Sometimes, i really want to be myself but why do i always care about what people think of me? Since when i care about what people think? I know words are easier to say than done. I can say that i am only living for myself and for God. So i don't have to care about anything at all. But...sometimes, it is really hard to avoid all these. It is like, you still care about how people think of yourself and you mind what people said about you. Why can't i just do it without having to think from so many different aspects? It is not like i can't take critism. I can. Just that sometimes, these sensitiveness can really brings down my confidence and makes me discouraged. I know i always have complicated thoughts. I am always afraid that people will dislike me or can't accept me for who i am. I always fail to do what i want because of the thoughts i had. People always say, "Sometimes you don't have to trouble yourself with all these thoughts. Just do it!!" Oh ya, by the way people, i am not emo. Just some random thoughts. Why can't i put things in a simple way? People, please save me! Teach me a way to make my thoughts simple again. Teach me a way to chase that devil out of my mind, so that i won't worry for all unnecessary stuffs. I know, the only key to unlock all these is the key of "Simple". What i can do is just to make my thoughts simple and try not to be so sensitive. Sometimes, i always believe in my own predictions that i almost forgot that what i predict might not be equivalent to what other people think. Recently, i have a lot of uncertainties towards some decision which i have to make. It could have been so much simpler as i only got to say "Yes" and "No". But because i am afraid of the outcome, and that i am afraid that people around me will get affected and stuffs like that, and thus, i find it hard to make my decision. See? This is what i mean. Sometimes i really hate myself for all these. Why is it so hard to be who i am?

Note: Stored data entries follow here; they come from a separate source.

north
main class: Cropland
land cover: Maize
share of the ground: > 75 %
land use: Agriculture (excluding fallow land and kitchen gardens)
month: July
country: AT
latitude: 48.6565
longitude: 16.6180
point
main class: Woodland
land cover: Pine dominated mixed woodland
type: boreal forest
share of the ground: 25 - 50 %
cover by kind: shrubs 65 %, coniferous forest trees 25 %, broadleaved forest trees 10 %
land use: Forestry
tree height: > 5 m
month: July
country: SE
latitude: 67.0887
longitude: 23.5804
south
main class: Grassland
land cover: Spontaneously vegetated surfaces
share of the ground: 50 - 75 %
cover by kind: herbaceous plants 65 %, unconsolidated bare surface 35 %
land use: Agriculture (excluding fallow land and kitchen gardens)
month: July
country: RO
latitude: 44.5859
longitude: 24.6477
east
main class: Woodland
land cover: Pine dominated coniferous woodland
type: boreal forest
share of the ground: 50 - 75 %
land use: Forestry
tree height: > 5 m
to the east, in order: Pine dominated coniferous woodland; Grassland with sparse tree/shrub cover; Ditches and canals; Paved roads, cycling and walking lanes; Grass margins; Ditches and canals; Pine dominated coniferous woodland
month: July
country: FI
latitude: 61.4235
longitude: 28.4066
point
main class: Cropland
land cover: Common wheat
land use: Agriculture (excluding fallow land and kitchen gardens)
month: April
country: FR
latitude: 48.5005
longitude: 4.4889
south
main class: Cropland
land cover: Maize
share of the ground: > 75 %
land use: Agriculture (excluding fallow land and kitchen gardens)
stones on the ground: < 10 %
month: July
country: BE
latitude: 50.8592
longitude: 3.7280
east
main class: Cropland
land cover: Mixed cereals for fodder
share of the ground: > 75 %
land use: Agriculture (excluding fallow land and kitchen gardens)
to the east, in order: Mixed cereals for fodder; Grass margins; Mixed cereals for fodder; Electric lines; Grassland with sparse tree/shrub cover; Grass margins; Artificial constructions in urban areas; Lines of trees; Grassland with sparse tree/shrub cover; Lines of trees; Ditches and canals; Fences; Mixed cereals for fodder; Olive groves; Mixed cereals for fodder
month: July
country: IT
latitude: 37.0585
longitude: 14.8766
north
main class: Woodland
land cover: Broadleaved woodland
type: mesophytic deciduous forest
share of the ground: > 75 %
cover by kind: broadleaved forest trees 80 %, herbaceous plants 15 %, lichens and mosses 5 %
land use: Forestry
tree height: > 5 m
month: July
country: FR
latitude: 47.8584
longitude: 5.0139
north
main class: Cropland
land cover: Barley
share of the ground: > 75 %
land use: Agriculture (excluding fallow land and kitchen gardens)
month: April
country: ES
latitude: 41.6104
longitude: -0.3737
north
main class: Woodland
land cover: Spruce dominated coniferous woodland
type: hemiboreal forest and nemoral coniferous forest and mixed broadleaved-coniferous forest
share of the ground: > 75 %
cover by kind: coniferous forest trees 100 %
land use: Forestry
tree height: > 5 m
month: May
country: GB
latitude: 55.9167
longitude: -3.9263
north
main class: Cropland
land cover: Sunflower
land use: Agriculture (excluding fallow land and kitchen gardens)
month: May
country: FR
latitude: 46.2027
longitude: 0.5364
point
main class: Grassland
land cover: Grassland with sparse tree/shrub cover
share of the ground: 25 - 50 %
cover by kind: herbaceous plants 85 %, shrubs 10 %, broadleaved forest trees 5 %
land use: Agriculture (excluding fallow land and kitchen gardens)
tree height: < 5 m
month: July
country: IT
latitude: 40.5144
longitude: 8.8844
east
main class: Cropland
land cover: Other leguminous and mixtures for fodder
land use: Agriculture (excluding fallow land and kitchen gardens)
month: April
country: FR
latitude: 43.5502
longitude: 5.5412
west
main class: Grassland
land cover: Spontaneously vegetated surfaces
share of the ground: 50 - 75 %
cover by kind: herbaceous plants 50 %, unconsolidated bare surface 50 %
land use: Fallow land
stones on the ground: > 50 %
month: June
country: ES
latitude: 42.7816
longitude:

To my dearest dearest Kelly BB, i don't know what i can say to make you feel better. For i don't want to be that kind of person who is good at saying and consoling and yet, i don't set a good example myself. It is like, i am teaching you methods on "How not to be emo" and yet, i am always feeling emo myself. I want us to be happy and cheerful like before. To be the crazy us who don't mind shouting out loud in front of so many people, running around in the shopping mall, sitting by the streetside, doing crazy stuffs, crying and laughing together and etc. We grew up so much eversince we stepped into the World of Leo. I believe everything happens for a reason. There must be a reason for us to meet and there must be a reason for us to lead the life of who we are today. I know that you are facing lots of problems and you can't overcome your stress. Always know what you are doing okay? It really breaks my heart to see my BB in this state =( You know what, you make me realize that all these while, i am always worrying for nothing. The things that always bring me down is NOTHING. You need help BB. Always remember that you are beautiful both inside and out. Do not care about what people think. Just because people don't appreciate us, it doesn't mean that we are not worthy to be love again. At least you did try to fight for it. It is not within our strength to control what people think. I hope you'll stand up again. Whenever you are tired, just stop and look behind, and you'll find me walking behind you. Love can be both hurtful and beautiful at the same time. BB, love is not really that bad. It is just that we haven't meet the right guy. That's all i can say. Don't lose faith in love. Right now, from this very minute, i don't want to let my thoughts to conquer my emotions again. I want freedom and happiness back. And what's more...i want my confident back!! BB, YOU HAVE TO DO THE SAME!! YOU ARE WONDERFUL AND WORTHY. ALWAYS REMEMBER THAT YOU ARE FEARFULLY AND WONDERFULLY MADE. Thanks for being there for me whenever i needed you. And now, i'll do the same for you. Stand up once again. Hwaiting...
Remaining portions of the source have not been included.